(WORK REQUIRED): Give back the lines of the records exactly, starting at the first and ending at the one with "STEP entity #1406.".

(RECORDS FOR PROCESSING):
_ _ _

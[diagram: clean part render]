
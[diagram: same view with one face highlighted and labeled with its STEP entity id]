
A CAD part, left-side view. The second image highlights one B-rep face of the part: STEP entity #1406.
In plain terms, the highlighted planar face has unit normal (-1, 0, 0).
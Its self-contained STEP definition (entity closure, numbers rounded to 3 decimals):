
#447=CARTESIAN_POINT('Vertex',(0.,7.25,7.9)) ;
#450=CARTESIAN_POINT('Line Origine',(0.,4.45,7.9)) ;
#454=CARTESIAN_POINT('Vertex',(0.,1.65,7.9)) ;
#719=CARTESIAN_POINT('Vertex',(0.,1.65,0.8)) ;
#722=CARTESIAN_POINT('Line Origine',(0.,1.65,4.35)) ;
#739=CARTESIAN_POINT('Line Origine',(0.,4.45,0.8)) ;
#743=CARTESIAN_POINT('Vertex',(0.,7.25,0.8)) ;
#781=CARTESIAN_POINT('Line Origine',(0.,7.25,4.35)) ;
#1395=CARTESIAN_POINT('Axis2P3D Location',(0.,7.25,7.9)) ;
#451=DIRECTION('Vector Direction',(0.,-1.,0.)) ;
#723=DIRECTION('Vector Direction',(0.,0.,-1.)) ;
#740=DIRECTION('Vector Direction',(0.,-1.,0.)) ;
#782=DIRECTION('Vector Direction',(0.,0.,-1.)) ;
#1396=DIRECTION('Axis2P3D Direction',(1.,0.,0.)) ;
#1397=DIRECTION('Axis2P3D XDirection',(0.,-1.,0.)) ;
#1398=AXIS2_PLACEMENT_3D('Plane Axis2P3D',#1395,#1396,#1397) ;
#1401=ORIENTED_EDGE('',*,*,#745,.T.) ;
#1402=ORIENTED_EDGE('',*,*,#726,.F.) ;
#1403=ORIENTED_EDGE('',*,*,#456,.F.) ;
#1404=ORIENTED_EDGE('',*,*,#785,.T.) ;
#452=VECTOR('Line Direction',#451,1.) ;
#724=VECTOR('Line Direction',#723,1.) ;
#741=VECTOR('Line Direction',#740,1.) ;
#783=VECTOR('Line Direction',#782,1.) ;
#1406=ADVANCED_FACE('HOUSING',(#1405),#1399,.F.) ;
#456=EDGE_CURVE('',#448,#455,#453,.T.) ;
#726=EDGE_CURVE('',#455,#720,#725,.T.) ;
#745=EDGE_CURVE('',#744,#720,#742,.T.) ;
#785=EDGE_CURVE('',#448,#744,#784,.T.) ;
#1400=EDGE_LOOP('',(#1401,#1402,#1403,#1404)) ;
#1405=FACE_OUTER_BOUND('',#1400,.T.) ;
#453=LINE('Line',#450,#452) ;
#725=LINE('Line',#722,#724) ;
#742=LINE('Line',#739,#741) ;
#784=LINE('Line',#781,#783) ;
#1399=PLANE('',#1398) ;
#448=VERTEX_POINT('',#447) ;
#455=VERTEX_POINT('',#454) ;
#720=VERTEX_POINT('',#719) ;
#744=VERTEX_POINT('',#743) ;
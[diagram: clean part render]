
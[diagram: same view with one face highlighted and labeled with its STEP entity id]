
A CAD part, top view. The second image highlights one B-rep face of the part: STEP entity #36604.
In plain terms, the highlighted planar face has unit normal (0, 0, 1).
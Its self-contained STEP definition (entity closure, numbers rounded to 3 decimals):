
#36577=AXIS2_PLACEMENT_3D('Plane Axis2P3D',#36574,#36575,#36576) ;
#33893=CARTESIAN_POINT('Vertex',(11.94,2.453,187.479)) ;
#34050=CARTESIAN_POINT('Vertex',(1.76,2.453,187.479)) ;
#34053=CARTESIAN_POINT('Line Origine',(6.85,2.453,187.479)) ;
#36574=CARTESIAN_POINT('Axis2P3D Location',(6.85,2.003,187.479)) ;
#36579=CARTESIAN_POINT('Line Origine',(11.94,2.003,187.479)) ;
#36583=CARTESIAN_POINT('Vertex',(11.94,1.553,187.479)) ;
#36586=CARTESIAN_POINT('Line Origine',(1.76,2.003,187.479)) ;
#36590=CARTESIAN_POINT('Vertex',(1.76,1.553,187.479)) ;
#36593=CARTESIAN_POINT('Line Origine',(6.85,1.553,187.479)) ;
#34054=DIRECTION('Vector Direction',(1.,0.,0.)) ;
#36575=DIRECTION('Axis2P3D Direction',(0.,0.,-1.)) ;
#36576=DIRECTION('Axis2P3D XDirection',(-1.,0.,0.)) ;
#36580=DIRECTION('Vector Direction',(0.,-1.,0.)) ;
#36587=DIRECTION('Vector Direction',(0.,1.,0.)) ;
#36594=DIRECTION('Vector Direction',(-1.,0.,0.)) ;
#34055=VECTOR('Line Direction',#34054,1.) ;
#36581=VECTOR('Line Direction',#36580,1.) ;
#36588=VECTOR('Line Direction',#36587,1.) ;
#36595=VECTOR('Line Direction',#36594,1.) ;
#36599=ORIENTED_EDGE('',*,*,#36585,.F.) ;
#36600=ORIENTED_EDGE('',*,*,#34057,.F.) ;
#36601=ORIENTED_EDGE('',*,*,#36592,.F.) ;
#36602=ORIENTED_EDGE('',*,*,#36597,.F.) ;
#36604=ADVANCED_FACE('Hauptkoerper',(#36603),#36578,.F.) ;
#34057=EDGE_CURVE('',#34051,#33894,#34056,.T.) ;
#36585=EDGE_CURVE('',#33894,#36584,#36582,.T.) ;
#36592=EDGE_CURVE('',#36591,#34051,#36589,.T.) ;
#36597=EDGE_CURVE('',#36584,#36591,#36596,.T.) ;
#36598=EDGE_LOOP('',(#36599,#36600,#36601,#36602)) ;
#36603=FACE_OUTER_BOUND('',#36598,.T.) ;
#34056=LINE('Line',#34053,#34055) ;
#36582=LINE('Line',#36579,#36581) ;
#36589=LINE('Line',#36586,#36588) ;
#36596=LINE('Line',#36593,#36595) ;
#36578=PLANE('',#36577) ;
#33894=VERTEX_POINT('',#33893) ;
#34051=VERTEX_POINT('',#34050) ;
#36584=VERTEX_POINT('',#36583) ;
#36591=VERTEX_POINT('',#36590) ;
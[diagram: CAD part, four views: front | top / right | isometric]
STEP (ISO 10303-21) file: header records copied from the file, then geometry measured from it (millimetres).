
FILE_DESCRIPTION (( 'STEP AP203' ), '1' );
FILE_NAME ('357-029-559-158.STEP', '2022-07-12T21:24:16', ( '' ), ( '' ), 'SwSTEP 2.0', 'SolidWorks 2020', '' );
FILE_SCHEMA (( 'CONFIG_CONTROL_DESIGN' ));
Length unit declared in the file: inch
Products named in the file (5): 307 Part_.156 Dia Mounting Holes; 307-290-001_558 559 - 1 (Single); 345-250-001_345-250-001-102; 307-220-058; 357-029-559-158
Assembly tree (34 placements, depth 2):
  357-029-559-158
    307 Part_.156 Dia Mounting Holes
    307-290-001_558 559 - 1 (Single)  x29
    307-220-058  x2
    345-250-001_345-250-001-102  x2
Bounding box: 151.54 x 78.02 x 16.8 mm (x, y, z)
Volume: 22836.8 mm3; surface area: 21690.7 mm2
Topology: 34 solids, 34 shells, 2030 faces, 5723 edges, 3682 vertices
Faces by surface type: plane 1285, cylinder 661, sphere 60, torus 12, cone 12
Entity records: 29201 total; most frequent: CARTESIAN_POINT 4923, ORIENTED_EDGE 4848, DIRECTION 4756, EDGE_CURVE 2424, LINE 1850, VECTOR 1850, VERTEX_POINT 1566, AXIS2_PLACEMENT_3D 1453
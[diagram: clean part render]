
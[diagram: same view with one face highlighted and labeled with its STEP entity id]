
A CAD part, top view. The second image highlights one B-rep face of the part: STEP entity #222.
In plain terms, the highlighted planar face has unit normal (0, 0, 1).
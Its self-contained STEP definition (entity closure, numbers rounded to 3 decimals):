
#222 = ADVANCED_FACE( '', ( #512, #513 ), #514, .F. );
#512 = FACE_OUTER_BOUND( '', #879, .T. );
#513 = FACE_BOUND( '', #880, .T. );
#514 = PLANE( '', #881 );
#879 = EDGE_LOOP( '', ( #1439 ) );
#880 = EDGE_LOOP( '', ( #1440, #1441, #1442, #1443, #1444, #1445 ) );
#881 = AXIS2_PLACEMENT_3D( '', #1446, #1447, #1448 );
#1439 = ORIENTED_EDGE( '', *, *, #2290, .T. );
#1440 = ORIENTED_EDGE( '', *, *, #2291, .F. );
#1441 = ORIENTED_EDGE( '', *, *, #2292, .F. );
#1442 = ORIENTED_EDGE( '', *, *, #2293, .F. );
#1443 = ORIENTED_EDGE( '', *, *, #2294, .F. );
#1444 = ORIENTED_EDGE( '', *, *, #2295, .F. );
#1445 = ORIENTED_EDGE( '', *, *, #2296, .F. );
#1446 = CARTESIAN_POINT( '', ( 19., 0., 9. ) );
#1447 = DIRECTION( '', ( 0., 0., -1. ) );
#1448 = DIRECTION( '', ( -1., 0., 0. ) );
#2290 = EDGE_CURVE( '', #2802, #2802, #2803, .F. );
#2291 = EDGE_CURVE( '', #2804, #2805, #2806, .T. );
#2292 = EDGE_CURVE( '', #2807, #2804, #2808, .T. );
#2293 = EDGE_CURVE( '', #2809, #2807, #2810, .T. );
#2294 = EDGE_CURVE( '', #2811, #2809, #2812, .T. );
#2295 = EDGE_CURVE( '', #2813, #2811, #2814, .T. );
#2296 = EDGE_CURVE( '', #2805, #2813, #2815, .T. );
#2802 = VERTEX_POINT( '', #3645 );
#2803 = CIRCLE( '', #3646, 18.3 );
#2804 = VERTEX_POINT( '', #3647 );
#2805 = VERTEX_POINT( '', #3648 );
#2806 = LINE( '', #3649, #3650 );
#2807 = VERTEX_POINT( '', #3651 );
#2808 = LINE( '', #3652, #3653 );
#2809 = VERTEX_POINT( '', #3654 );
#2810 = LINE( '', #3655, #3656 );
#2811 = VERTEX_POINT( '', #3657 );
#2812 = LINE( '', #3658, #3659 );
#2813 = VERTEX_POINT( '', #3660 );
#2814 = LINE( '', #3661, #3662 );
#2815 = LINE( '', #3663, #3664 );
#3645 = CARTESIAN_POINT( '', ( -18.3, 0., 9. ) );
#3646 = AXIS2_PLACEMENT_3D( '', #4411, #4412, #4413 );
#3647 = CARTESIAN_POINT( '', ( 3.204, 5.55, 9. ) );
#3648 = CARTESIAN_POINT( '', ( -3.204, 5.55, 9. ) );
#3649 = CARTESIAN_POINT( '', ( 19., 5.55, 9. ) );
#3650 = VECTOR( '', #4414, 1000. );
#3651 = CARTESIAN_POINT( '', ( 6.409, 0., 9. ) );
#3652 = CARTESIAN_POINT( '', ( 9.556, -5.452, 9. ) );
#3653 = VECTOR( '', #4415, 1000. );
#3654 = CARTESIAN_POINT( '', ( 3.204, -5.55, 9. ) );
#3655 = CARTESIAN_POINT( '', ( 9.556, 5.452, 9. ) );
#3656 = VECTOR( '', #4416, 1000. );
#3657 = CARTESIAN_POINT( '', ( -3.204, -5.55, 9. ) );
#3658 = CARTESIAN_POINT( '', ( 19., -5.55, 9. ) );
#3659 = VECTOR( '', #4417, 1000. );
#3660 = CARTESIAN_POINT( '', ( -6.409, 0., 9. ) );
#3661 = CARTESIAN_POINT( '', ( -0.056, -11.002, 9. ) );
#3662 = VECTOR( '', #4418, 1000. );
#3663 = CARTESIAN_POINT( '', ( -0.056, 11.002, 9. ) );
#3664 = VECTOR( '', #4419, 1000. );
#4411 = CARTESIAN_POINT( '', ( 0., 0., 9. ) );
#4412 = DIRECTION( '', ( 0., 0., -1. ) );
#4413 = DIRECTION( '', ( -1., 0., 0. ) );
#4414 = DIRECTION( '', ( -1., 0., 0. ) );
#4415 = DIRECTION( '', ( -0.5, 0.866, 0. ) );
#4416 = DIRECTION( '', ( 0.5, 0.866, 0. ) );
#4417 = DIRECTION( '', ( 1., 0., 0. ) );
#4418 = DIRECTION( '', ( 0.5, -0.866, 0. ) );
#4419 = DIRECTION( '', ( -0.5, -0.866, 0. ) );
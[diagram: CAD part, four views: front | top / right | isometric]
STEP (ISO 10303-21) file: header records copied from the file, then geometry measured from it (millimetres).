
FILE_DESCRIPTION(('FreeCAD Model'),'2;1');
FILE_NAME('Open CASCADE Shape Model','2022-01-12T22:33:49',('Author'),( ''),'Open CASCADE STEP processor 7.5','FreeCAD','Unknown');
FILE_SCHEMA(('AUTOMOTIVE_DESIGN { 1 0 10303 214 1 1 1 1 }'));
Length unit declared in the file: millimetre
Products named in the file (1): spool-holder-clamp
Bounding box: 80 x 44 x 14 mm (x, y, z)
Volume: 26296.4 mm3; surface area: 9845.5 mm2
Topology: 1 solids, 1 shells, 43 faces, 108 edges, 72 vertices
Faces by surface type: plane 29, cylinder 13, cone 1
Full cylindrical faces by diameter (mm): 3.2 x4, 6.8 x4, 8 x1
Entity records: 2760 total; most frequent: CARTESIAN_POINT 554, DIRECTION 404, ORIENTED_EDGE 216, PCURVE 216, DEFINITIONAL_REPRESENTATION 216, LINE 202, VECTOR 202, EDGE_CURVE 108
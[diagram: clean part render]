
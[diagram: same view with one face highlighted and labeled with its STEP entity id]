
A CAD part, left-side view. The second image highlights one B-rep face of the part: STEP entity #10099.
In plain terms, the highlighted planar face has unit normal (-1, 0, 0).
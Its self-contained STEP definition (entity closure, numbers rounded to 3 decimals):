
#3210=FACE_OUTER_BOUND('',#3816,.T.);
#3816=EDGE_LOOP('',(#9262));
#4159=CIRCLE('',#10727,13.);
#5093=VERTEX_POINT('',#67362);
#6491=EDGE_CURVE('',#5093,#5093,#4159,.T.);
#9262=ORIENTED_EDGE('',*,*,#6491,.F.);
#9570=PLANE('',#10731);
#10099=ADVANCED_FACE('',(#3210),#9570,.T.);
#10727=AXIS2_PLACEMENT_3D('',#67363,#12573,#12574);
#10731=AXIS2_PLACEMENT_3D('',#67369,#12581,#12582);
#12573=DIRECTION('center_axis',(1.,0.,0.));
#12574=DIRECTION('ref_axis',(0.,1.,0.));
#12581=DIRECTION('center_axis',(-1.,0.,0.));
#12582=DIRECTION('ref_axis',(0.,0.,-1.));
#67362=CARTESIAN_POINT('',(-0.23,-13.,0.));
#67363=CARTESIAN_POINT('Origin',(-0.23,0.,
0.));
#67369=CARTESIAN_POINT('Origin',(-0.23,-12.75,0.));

_ _ _

(THE COMPLETED TASK):
[diagram: clean part render]
[diagram: same view with one face highlighted and labeled with its STEP entity id]
A CAD part, left-side view. The second image highlights one B-rep face of the part: STEP entity #1406.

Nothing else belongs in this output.